* _Problem details_:
Output all entries verbatim, dropping pictures.

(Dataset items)
────────────────────────────────────────

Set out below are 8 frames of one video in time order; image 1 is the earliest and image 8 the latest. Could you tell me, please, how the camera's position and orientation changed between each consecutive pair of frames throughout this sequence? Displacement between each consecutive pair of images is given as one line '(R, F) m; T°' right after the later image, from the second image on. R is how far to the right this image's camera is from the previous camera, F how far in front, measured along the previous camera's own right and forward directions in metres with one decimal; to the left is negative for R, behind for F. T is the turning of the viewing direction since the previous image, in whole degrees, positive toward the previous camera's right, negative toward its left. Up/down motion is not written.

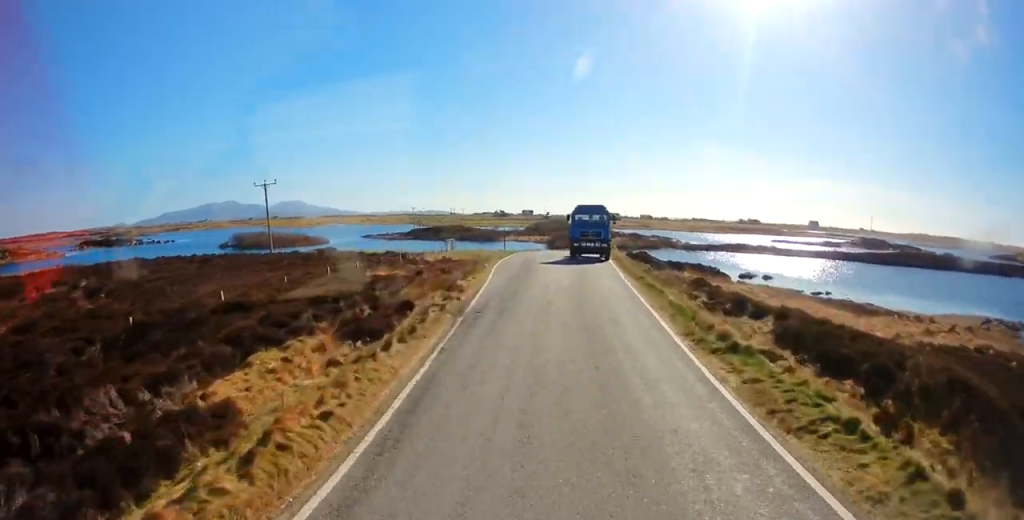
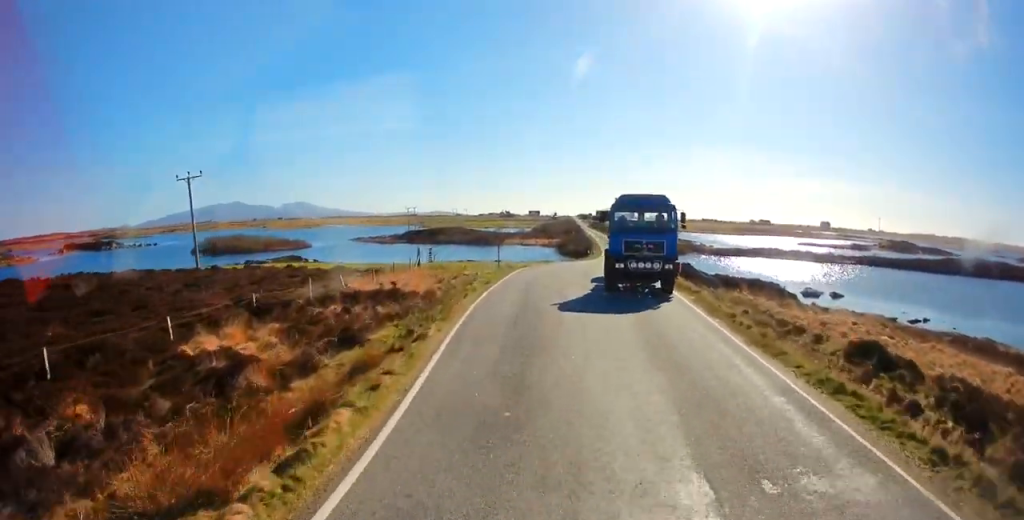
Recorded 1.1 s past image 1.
(+0.4, +15.8) m; 0°
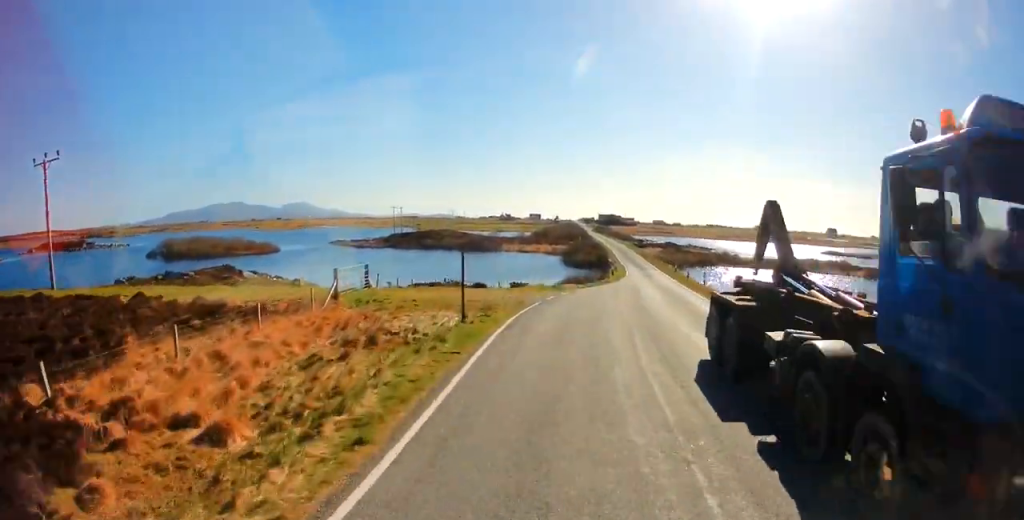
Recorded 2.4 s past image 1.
(-0.3, +16.3) m; +1°
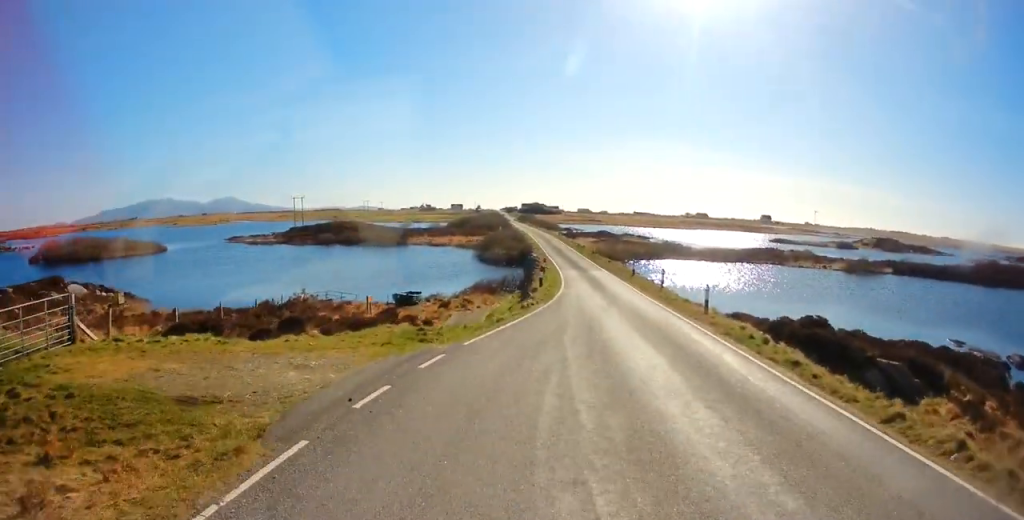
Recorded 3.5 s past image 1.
(+0.7, +14.1) m; +6°
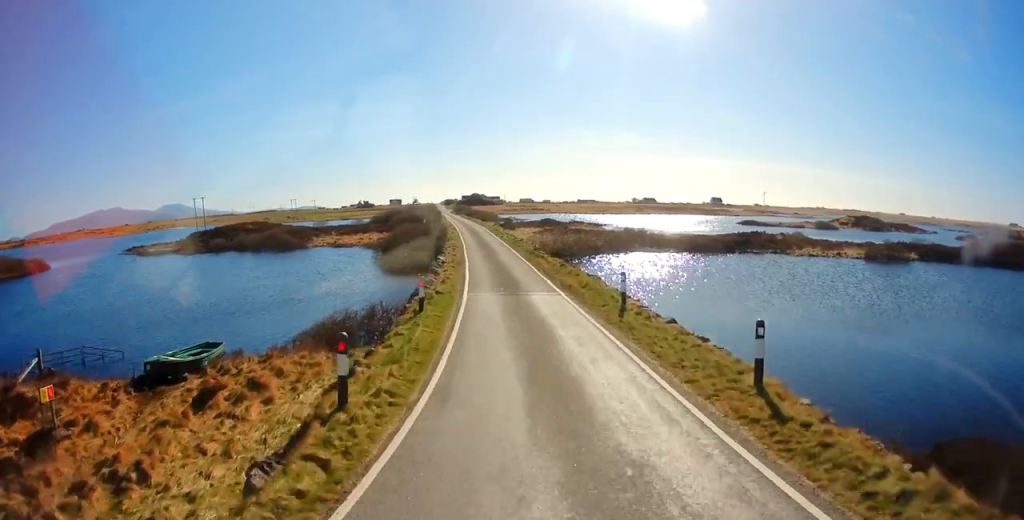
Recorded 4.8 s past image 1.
(+0.9, +16.1) m; +5°
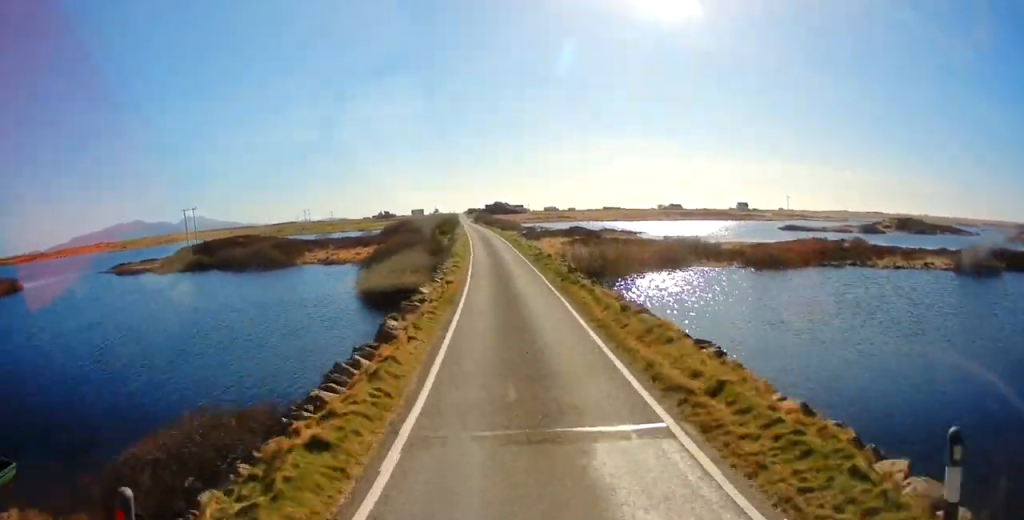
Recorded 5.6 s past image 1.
(+0.1, +10.4) m; -1°
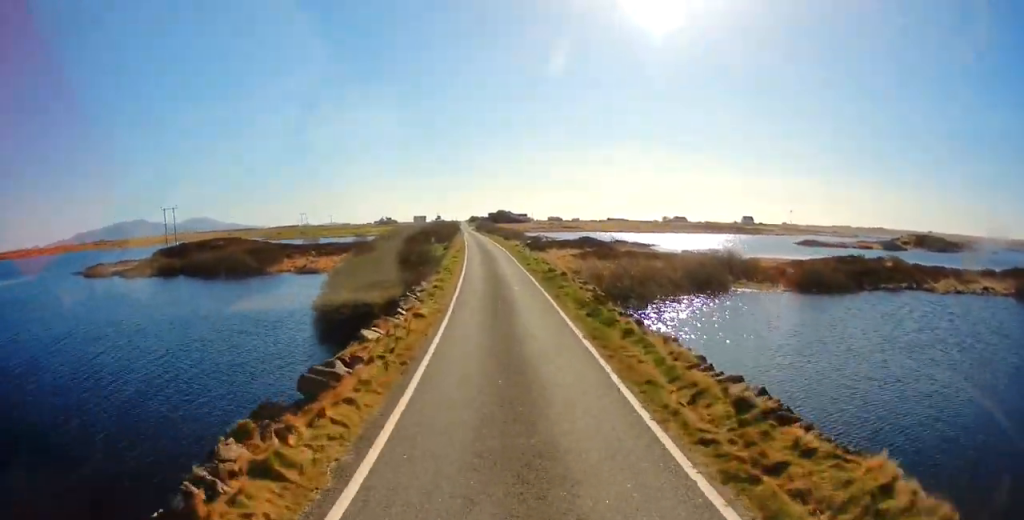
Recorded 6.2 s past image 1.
(+0.2, +7.4) m; -2°
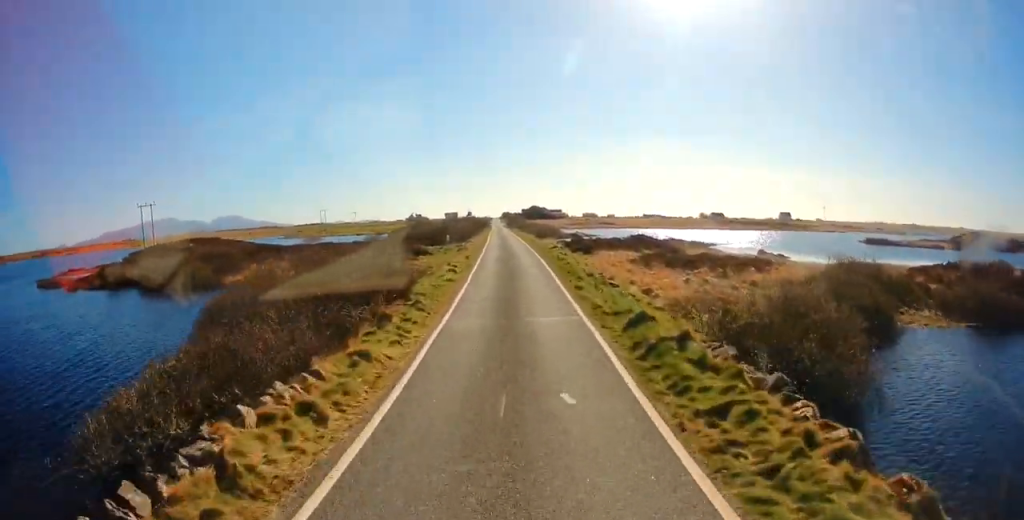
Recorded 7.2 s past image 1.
(-0.8, +13.4) m; -3°

────────────────────────────────────────

* _Output_:
Set out below are 8 frames of one video in time order; image 1 is the earliest and image 8 the latest. Could you tell me, please, how the camera's position and orientation changed between each consecutive pair of frames throughout this sequence? Displacement between each consecutive pair of images is given as one line '(R, F) m; T°' right after the later image, from the second image on. R is how far to the right this image's camera is from the previous camera, F how far in front, measured along the previous camera's own right and forward directions in metres with one decimal; to the left is negative for R, behind for F. T is the turning of the viewing direction since the previous image, in whole degrees, positive toward the previous camera's right, negative toward its left. Up/down motion is not written.

Recorded 1.1 s past image 1.
(+0.4, +15.8) m; 0°
Recorded 2.4 s past image 1.
(-0.3, +16.3) m; +1°
Recorded 3.5 s past image 1.
(+0.7, +14.1) m; +6°
Recorded 4.8 s past image 1.
(+0.9, +16.1) m; +5°
Recorded 5.6 s past image 1.
(+0.1, +10.4) m; -1°
Recorded 6.2 s past image 1.
(+0.2, +7.4) m; -2°
Recorded 7.2 s past image 1.
(-0.8, +13.4) m; -3°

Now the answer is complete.